True but that doesn't mean you aren't taxed on the whole bundle, excluding after-tax contributions. Maybe that's what you meant.

The 8606 requires you to identify total Traditional IRA balances, including growth and any other pre-tax IRAs. If you only had a Traditional IRA contribution of say, $6,500 and no growth, you could convert it to a Roth for free. However, if you also had a $3,500 Rollover IRA (never taxed) you have to record that on your 8606 and that goes into the denominator on the tax equation. So, in this example even if you wanted to just convert the $6,500, 35% of the conversion would be taxed at your ordinary income tax rate. It's not particularly complicated, although the 8606 is not user-friendly at all. The main thing is that the right taxable amount carries forward to page one of the tax return. So the IRA distribution amount would say $6,500 but the taxable amount of the distribution would be a smaller amount, since you had basis in the traditional IRA.

Sorry, that was a quick comment without a clearly constructed sentence!

You are correct in everything you say.

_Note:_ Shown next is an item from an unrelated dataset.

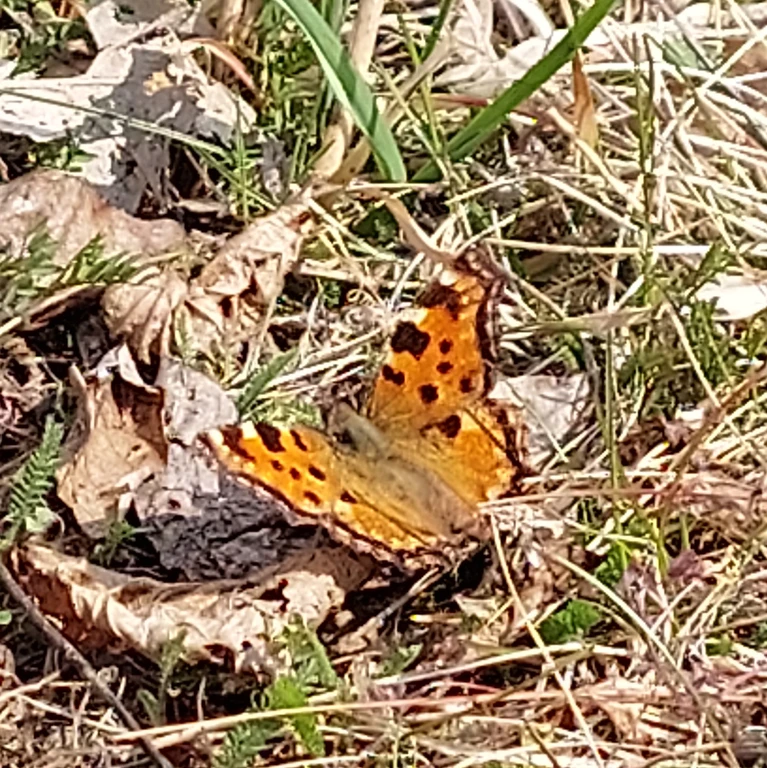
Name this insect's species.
Nymphalis polychloros
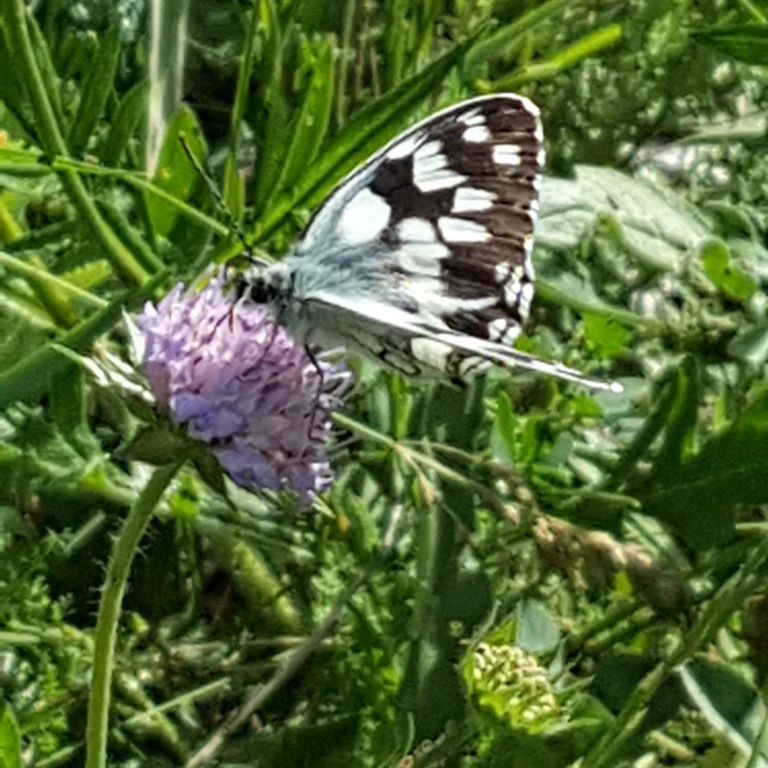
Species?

I was responding to post #4 above that said: "What might be a stinger is if there are also pre-tax IRAs, in which case, the whole mess gets treated as one giant IRA and could result in significant tax hit."

Because you identify pre- from post-, and the form creates a percentage allocation between both, you might not be paying a lot of taxes if the majority of the account contains post-tax investment. A 'significant tax hit' would only happen if the majority of the account was pre-tax. And, unfortunately you aren't allowed to pick which part of the IRA is included in the distribution - it is a proportional distribution.

-Rita
 
Form 8606 allows you to distinguish between deductible contributions (pre-tax) and non-deductible contributions (post tax).

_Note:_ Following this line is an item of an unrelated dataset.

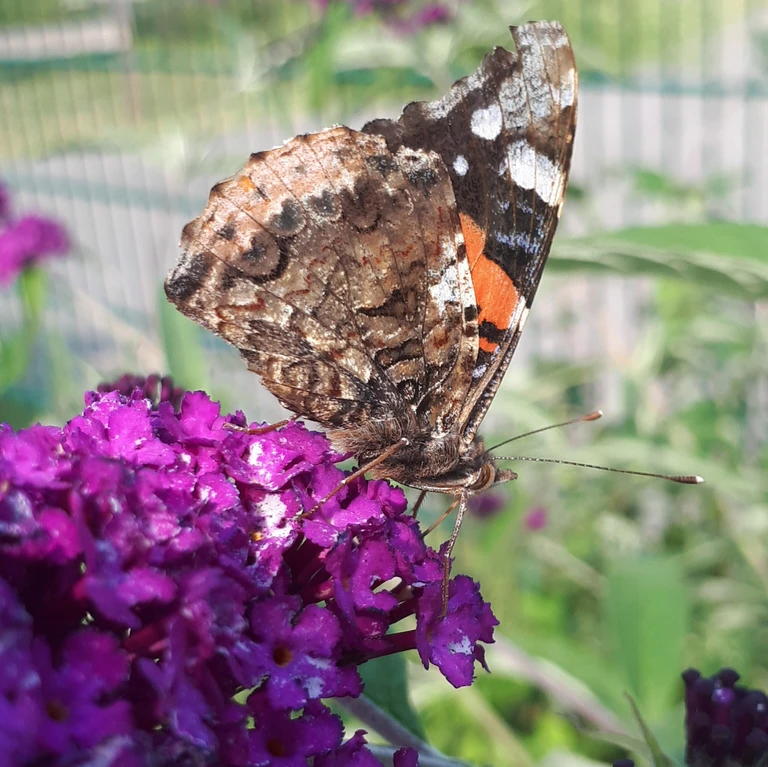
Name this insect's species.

Right, we are facing this, and it's not a tax hit, but a pain in the butt as you have to do the calculation every year for the rest of your life, or until all the IRA's are empty. Even if you only have a few thousand of post-tax money in 1 IRA and hundreds of thousands in the other. :mad:

Unless of course, you want to pay the tax twice on the few thousand and forget it. :facepalm:

Note: you have to count all your IRA's not just empty the one with the mixed contributions, which is why it goes on every year.